## HOW TO COMPLETE THIS TASK
Find every line below that contains the word "https" and copy it out.

[Dataset excerpts]

----

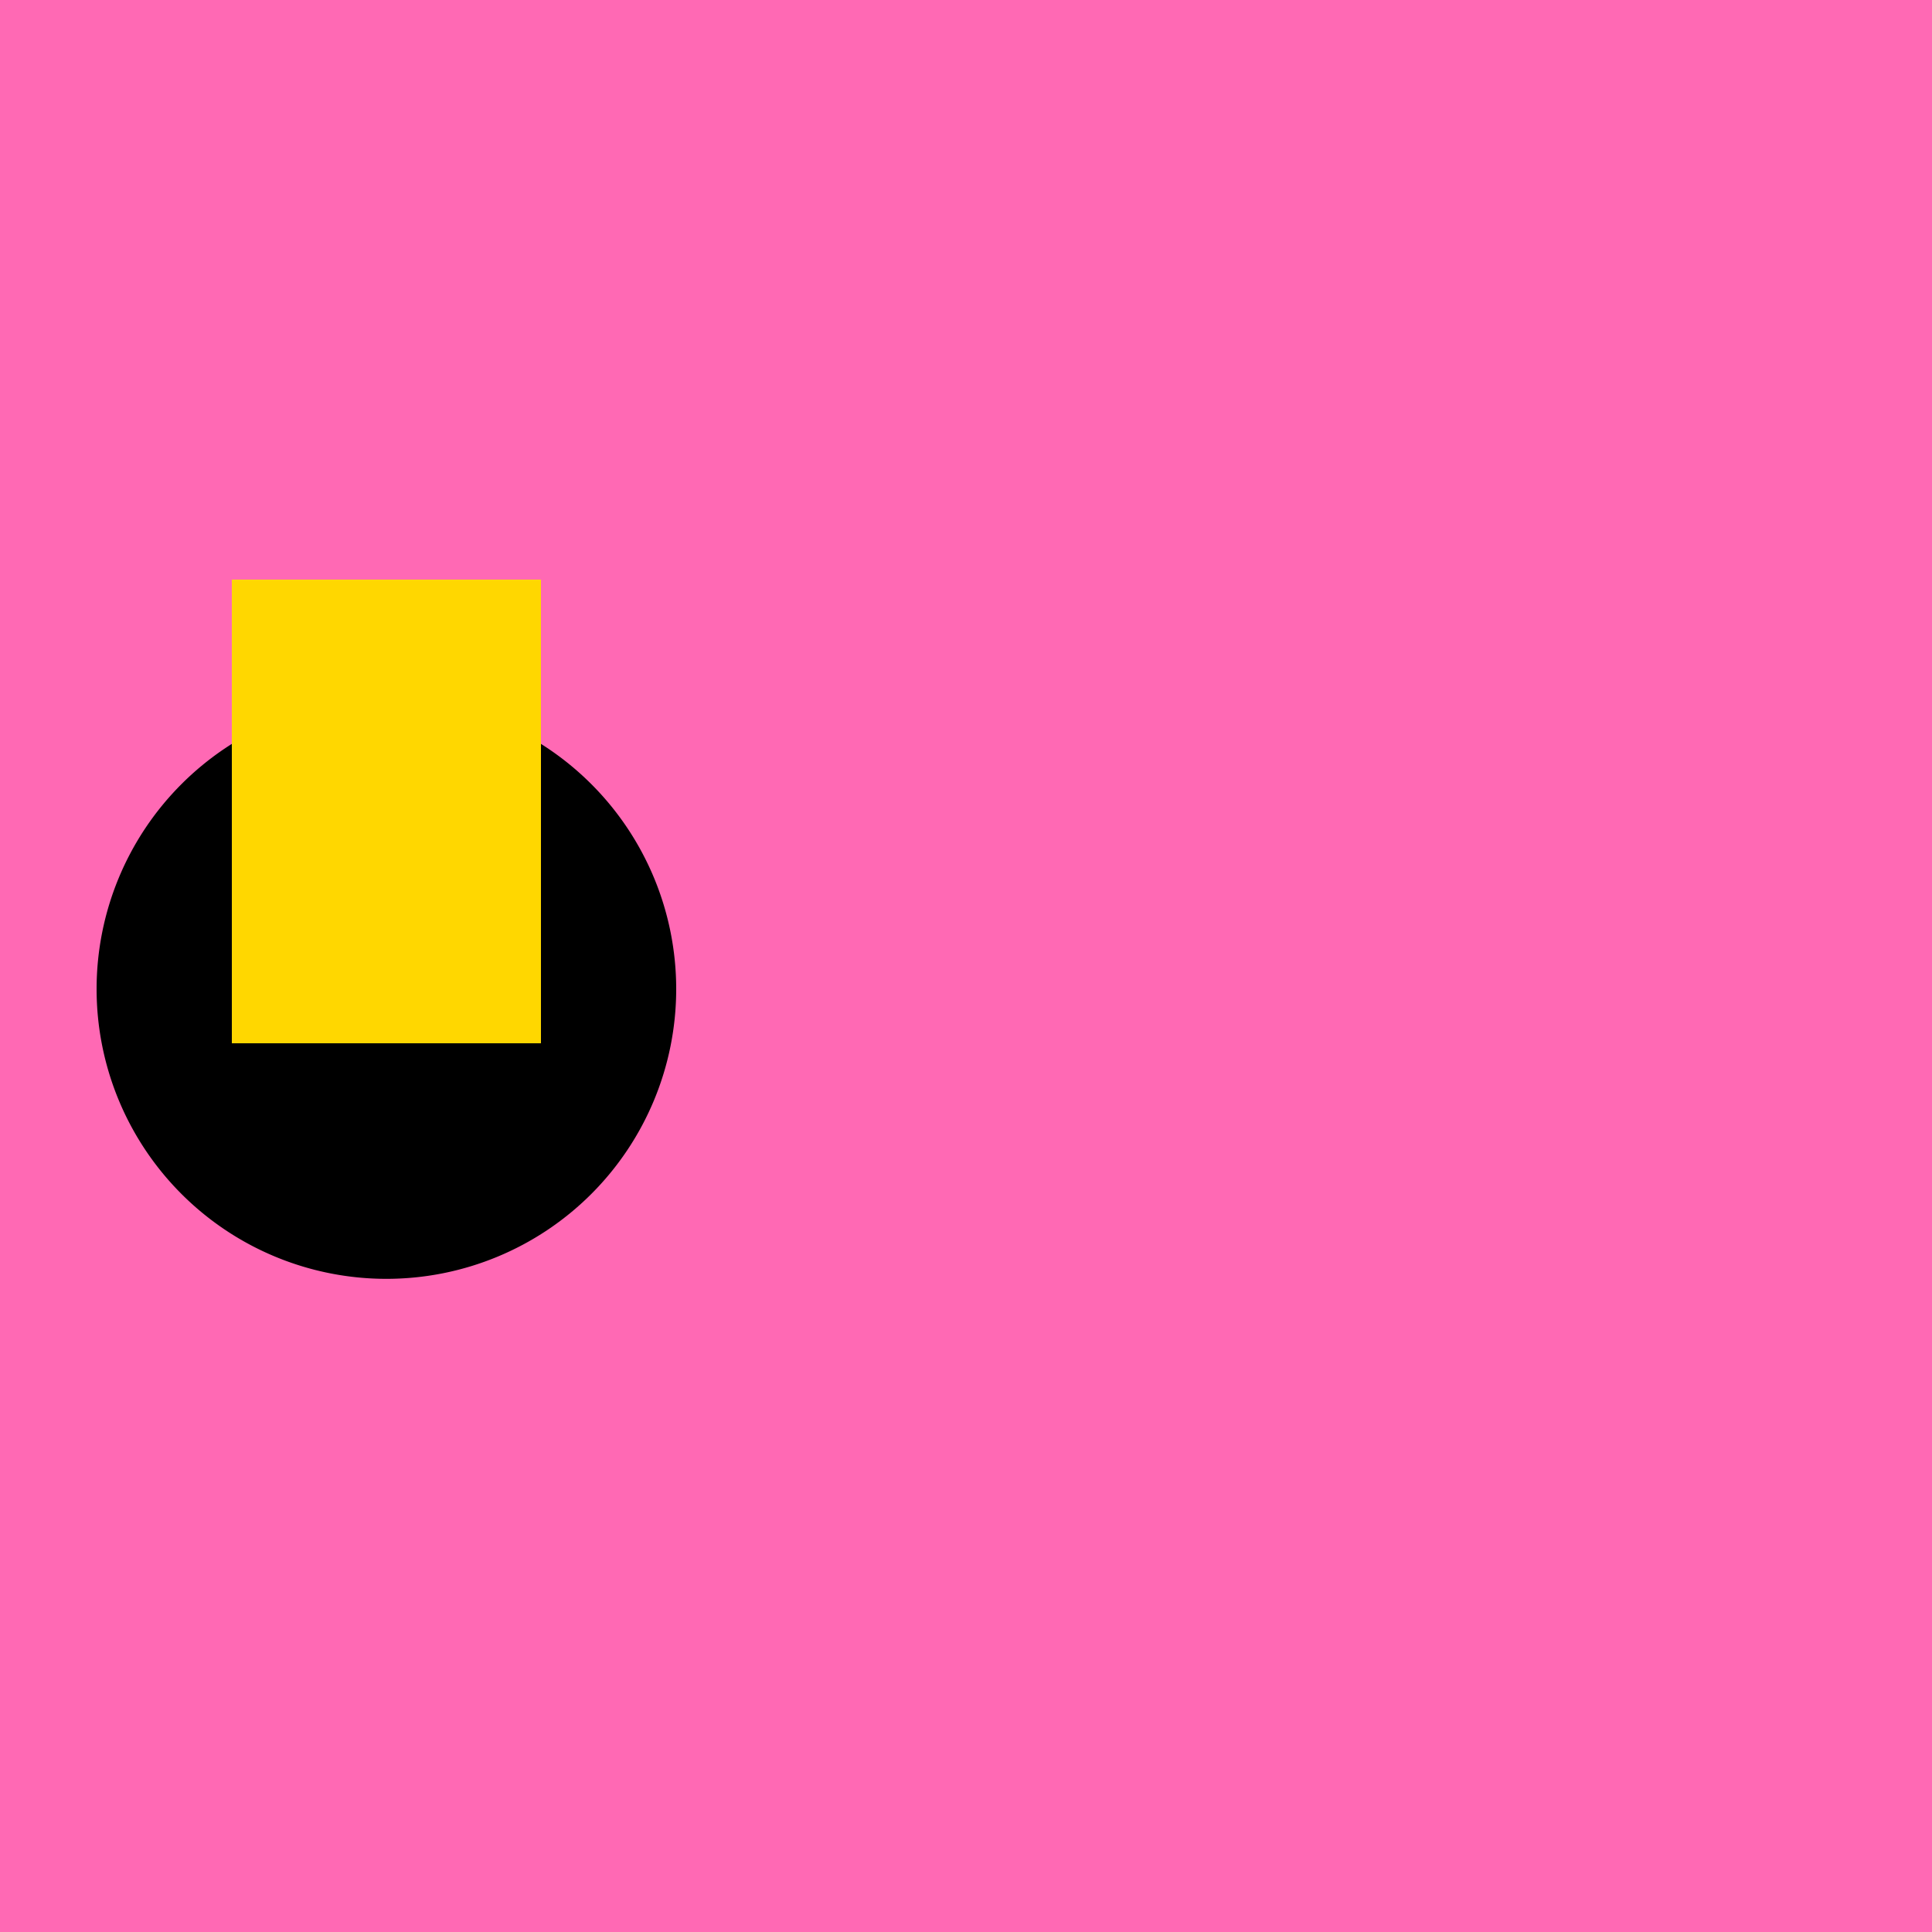 <!--

Generated by DrawGPT.
Free, open source, AI generated images in SVG, PNG, and HTML Canvas format.
https://drawgpt.ai

Created: 2023-09-26T03:56:01.572Z
Link: https://drawgpt.ai/prompt/21347/

-->
<svg xmlns="http://www.w3.org/2000/svg" xmlns:xlink="http://www.w3.org/1999/xlink" width="500" height="500"><defs/><g><rect fill="#FF69B4" stroke="none" x="0" y="0" width="512" height="512"/><path fill="#000000" stroke="none" paint-order="stroke fill markers" d=" M 175 256 A 75 75 0 1 1 175 255.925"/><path fill="none" stroke="none"/><rect fill="#FFD700" stroke="none" x="60" y="150" width="80" height="120"/></g></svg>

----

## EXERCISE RESULT
https://drawgpt.ai
Link: https://drawgpt.ai/prompt/21347/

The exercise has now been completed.